WHAT THIS TASK INVOLVES | Everything in the records must appear again exactly, except the images.

RECORDS SUPPLIED |
▽
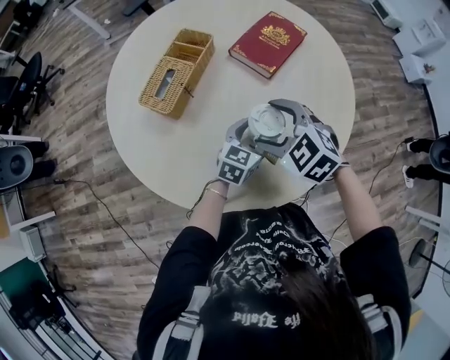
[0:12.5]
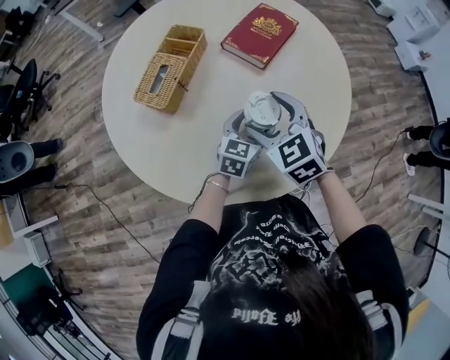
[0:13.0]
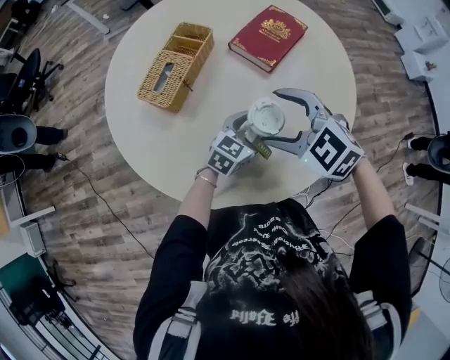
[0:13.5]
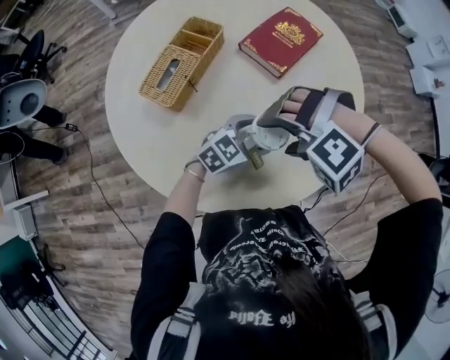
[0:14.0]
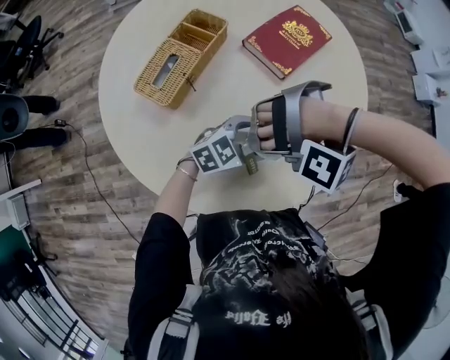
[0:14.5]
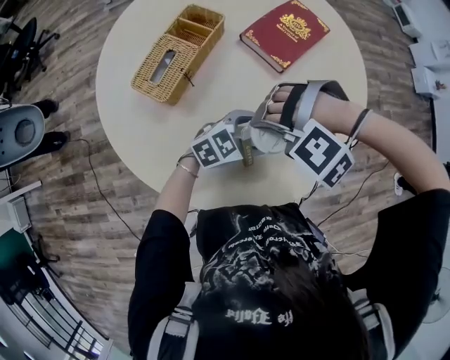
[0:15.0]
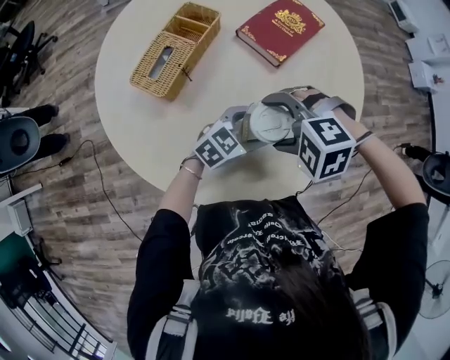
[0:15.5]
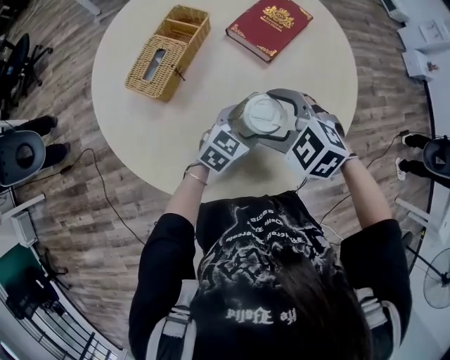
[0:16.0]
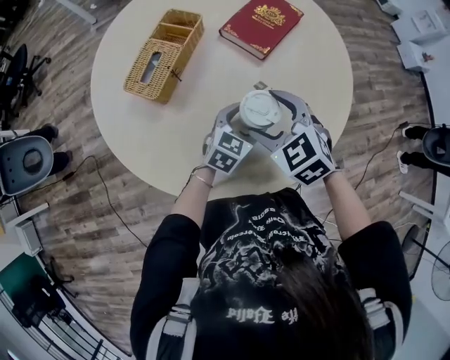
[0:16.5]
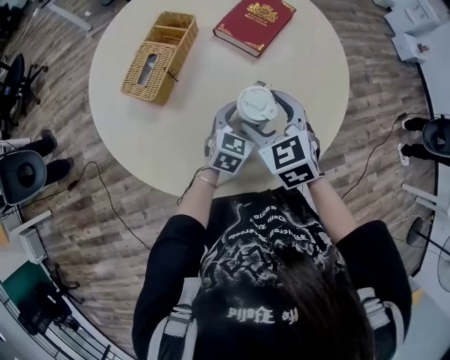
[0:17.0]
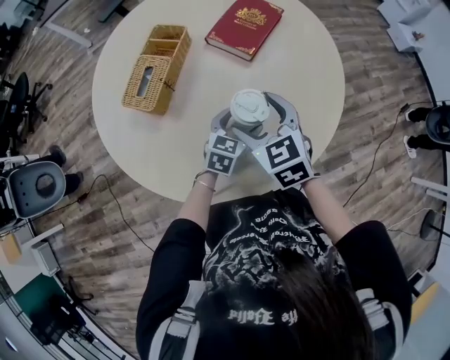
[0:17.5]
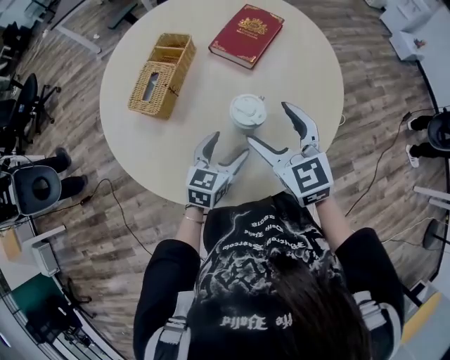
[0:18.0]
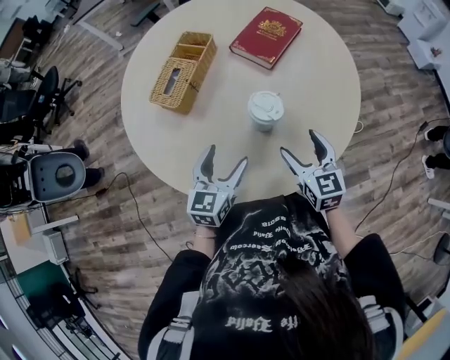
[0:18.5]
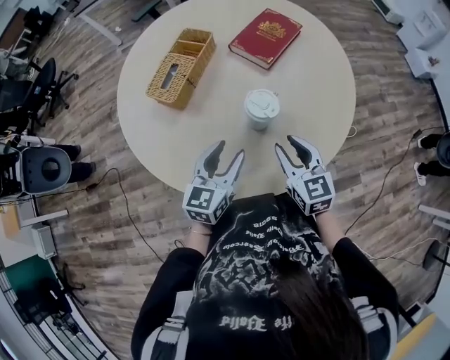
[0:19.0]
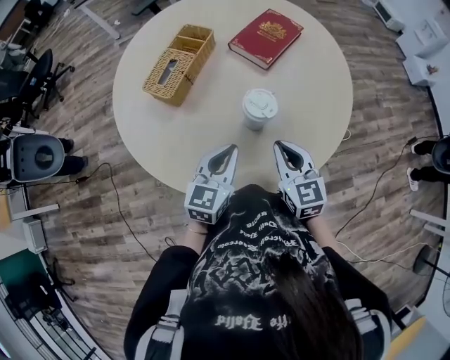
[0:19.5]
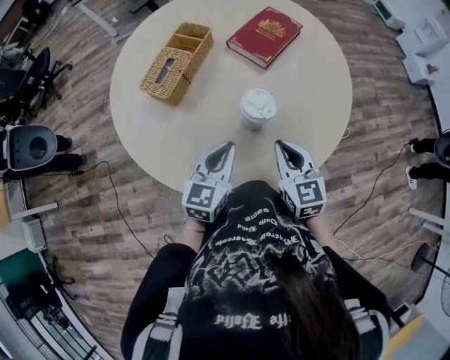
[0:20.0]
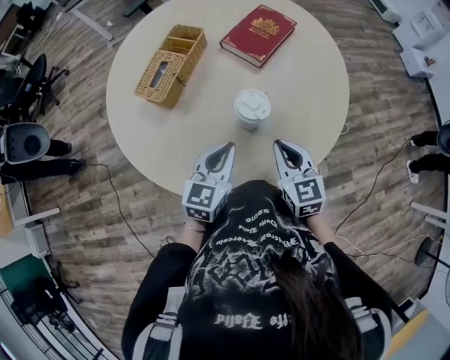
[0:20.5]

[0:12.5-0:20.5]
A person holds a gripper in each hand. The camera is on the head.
0:12.5 to 0:14.5: The left gripper changes its angle by roughly 30 degrees, while the right gripper rotates around the line of its fingers by roughly 110 degrees, counterclockwise from behind.
0:14.5 to 0:16.5: The left gripper rotates approximately 30 degrees. Meanwhile the right gripper rolls clockwise, seen from behind, by about 120 degrees.
0:16.5 to 0:18.5: The right gripper travels to the right and backward by roughly 10 cm, and turns by approximately 40 degrees. Meanwhile the left gripper is displaced backward, to the left and upward by approximately 15 cm, and changes its angle by some 20 degrees.
0:18.5 to 0:20.5: The left gripper closes. The right gripper closes its fingers.
△
WRITTEN ANSWER |
[0:12.5]
[0:13.0]
[0:13.5]
[0:14.0]
[0:14.5]
[0:15.0]
[0:15.5]
[0:16.0]
[0:16.5]
[0:17.0]
[0:17.5]
[0:18.0]
[0:18.5]
[0:19.0]
[0:19.5]
[0:20.0]
[0:20.5]

[0:12.5-0:20.5]
A person holds a gripper in each hand. The camera is on the head.
0:12.5 to 0:14.5: The left gripper changes its angle by roughly 30 degrees, while the right gripper rotates around the line of its fingers by roughly 110 degrees, counterclockwise from behind.
0:14.5 to 0:16.5: The left gripper rotates approximately 30 degrees. Meanwhile the right gripper rolls clockwise, seen from behind, by about 120 degrees.
0:16.5 to 0:18.5: The right gripper travels to the right and backward by roughly 10 cm, and turns by approximately 40 degrees. Meanwhile the left gripper is displaced backward, to the left and upward by approximately 15 cm, and changes its angle by some 20 degrees.
0:18.5 to 0:20.5: The left gripper closes. The right gripper closes its fingers.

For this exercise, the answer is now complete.